= HOW TO COMPLETE THIS TASK =
The expected result is a word-for-word copy of the entries, minus any pictures.

= DATA EXTRACT =

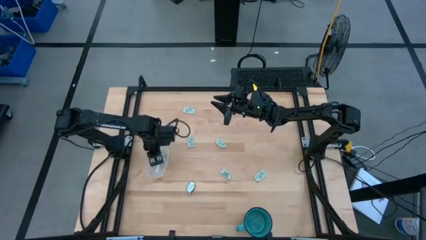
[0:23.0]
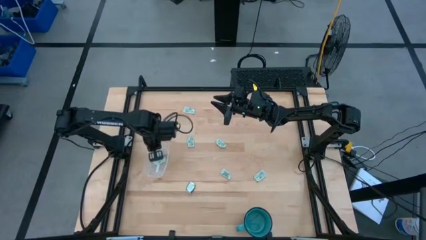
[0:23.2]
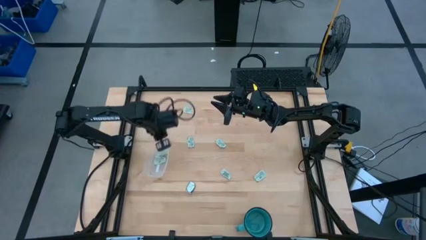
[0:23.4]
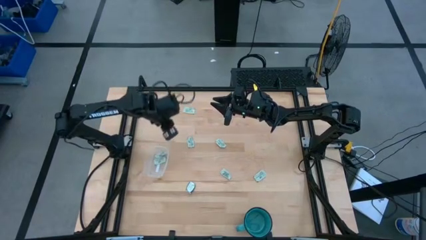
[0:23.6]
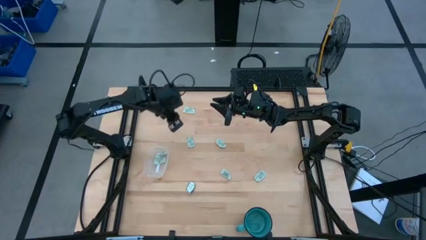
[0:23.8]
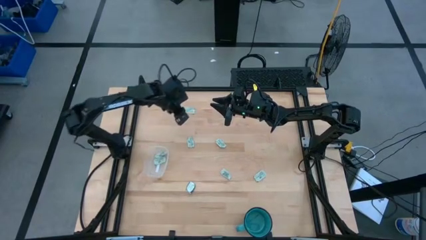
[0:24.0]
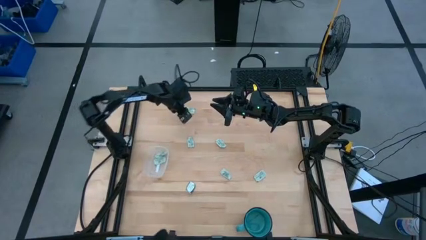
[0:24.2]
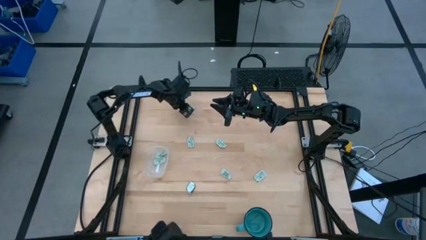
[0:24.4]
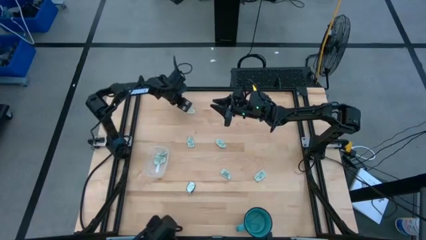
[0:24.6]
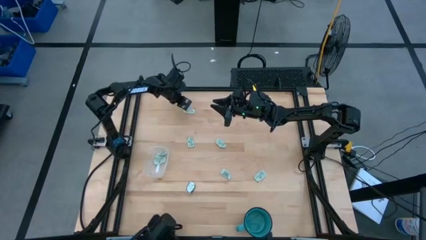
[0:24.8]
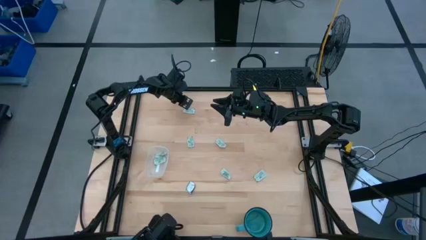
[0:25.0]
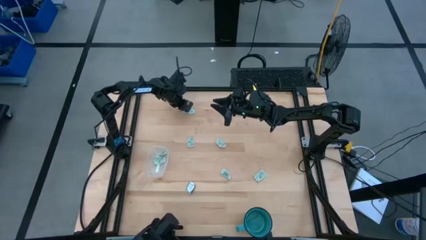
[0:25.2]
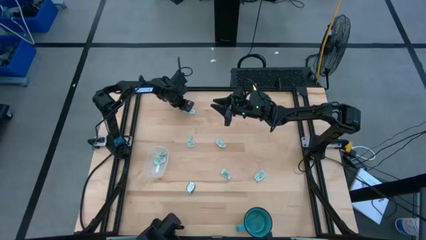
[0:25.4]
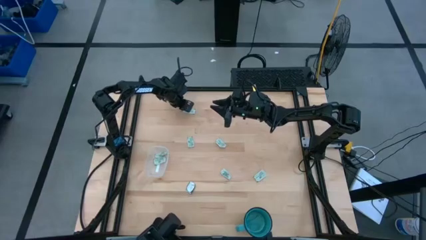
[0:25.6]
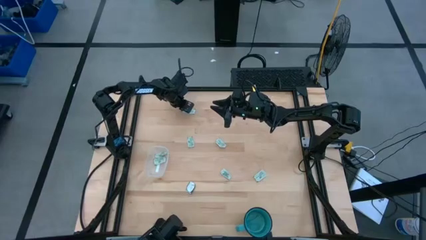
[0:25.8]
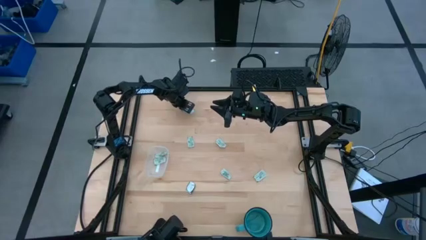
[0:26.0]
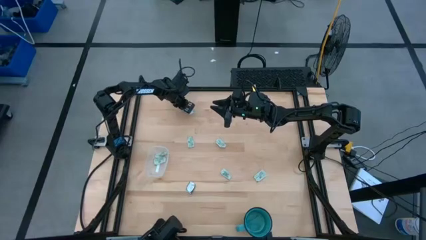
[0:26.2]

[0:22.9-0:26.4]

= FINISHED TASK =
[0:23.0]
[0:23.2]
[0:23.4]
[0:23.6]
[0:23.8]
[0:24.0]
[0:24.2]
[0:24.4]
[0:24.6]
[0:24.8]
[0:25.0]
[0:25.2]
[0:25.4]
[0:25.6]
[0:25.8]
[0:26.0]
[0:26.2]

[0:22.9-0:26.4]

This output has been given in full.